Prompt: Pictures aside, each entry has to be returned exactly as it stands.

[Dataset items]
%%
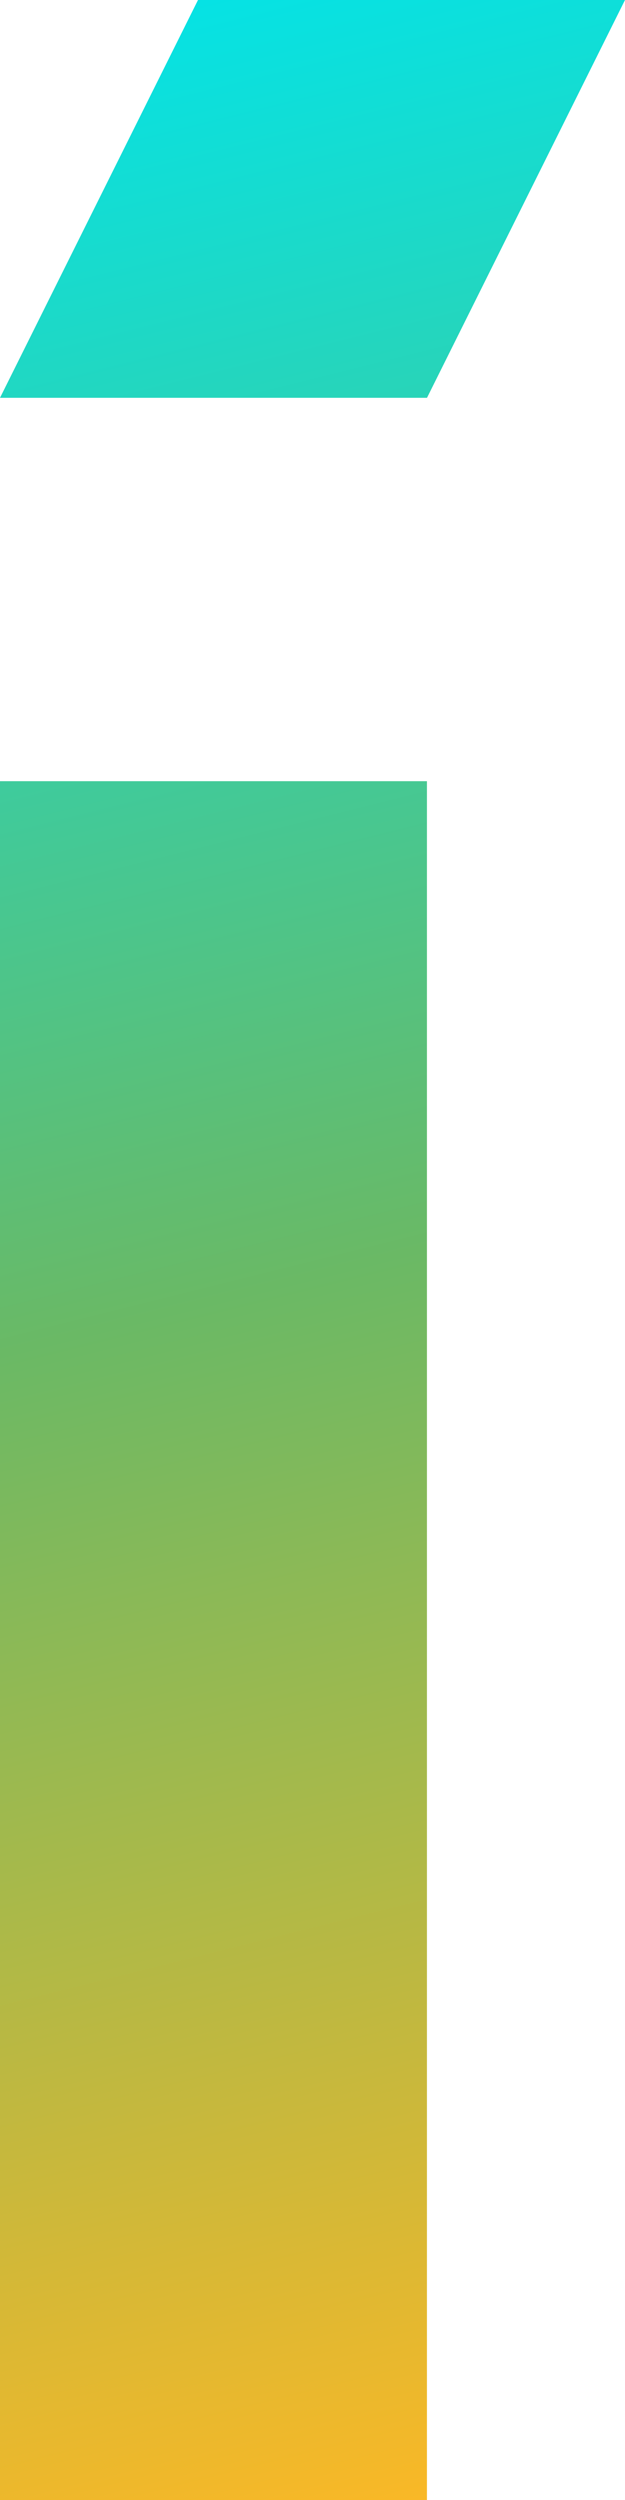 <svg width="10" height="40" viewBox="0 0 10 40" fill="none" xmlns="http://www.w3.org/2000/svg">
<path d="M0 40H6.831V12.499H0V40Z" fill="url(#paint0_linear_4891_1438)"/>
<path d="M3.168 0L0 6.365H6.832L10 0H3.168Z" fill="url(#paint1_linear_4891_1438)"/>
<defs>
<linearGradient id="paint0_linear_4891_1438" x1="0" y1="0" x2="10" y2="40" gradientUnits="userSpaceOnUse">
<stop stop-color="#02E4E9"/>
<stop offset="0.51" stop-color="#6AB965"/>
<stop offset="1" stop-color="#FFB824"/>
</linearGradient>
<linearGradient id="paint1_linear_4891_1438" x1="0" y1="0" x2="10" y2="40" gradientUnits="userSpaceOnUse">
<stop stop-color="#02E4E9"/>
<stop offset="0.51" stop-color="#6AB965"/>
<stop offset="1" stop-color="#FFB824"/>
</linearGradient>
</defs>
</svg>
%%
Task result:
 <svg width="10" height="40" viewBox="0 0 10 40" fill="none" xmlns="http://www.w3.org/2000/svg">
<path d="M0 40H6.831V12.499H0V40Z" fill="url(#paint0_linear_4891_1438)"/>
<path d="M3.168 0L0 6.365H6.832L10 0H3.168Z" fill="url(#paint1_linear_4891_1438)"/>
<defs>
<linearGradient id="paint0_linear_4891_1438" x1="0" y1="0" x2="10" y2="40" gradientUnits="userSpaceOnUse">
<stop stop-color="#02E4E9"/>
<stop offset="0.51" stop-color="#6AB965"/>
<stop offset="1" stop-color="#FFB824"/>
</linearGradient>
<linearGradient id="paint1_linear_4891_1438" x1="0" y1="0" x2="10" y2="40" gradientUnits="userSpaceOnUse">
<stop stop-color="#02E4E9"/>
<stop offset="0.51" stop-color="#6AB965"/>
<stop offset="1" stop-color="#FFB824"/>
</linearGradient>
</defs>
</svg>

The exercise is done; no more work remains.